Flexible array members are not part of C++, and likely never will be, officially. Accessing off the end of an object will always technically be undefined behavior. Nevertheless, C++20’s destroying delete facility was designed specifically to support FAM-like techniques.


Originally the “GNU C Compiler” (where “GNU” famously stands for “GNU’s Not Unix”). Since 1999 (source), the acronym has stood for “GNU Compiler Collection.” One of the big three C++ compiler vendors, besides Clang and MSVC.


“Global module fragment” and “private module fragment.” In C++20 Modules syntax, the global module fragment is the portion of a module unit (that is, a TU containing a module-declaration such as module hello;) which appears at the very top of the source code, preceded by the line module; and followed by the module-declaration.

The private module fragment appears at the very bottom, preceded by the line module :private;. Things in the PMF are not exported; you can modify things in module hello’s PMF without needing to recompile other TUs that import hello.

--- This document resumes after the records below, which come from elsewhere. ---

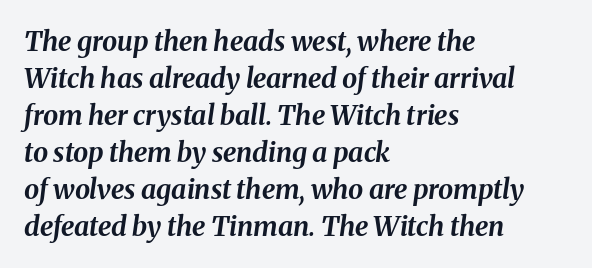
Q: Is the text bold? A: Yes.
Q: Is the text italic (slanted)? A: Yes, it leans right by about 8 degrees.
Q: Is the text underlined? A: No.
Q: How is the paragraph aligned? A: Left-aligned.
Q: Is the spacing between letters normal or unusually wide? A: Normal.
Q: Is the spacing between lines tight, normal or loose? A: Normal.
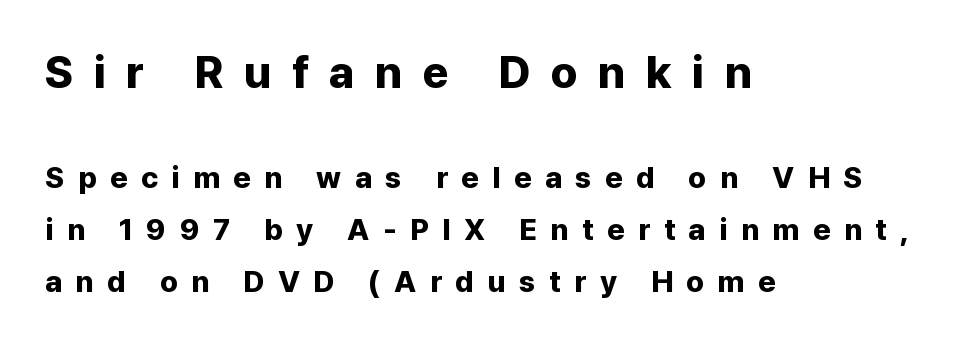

#include <unistd.h>   // this is part of the GMF
extern int gmf();     // provided by some non-modules third-party code

module hello;
export void pmf();
export void foo() { gmf(); pmf(); }

module :private;
void pmf() { }    // this is part of the PMF

I don’t fully understand why the PMF is needed; it seems like we could have put the definition of void pmf() up in the module, and simply refrained from marking that definition as export. But perhaps I’m missing something. Anyway, for more on module fragments, see vector<bool>’s blog post “Understanding C++ Modules, Part 3” (October 2019).

“PMF” also happens to be an acronym for “pointer to member function,” as in the expression &Foo::setValue or the type void (Foo::*)(int).


“Heap Allocation eLision Optimization.” This is the optimization on C++20 coroutines referred to in Gor Nishanov’s talk on the “disappearing coroutine” (CppCon 2016). See “Announcing Quuxplusone/coro (2019-07-03), specifically this example; see also P0981 “HALO: the joint response” (Richard Smith & Gor Nishanov, March 2018).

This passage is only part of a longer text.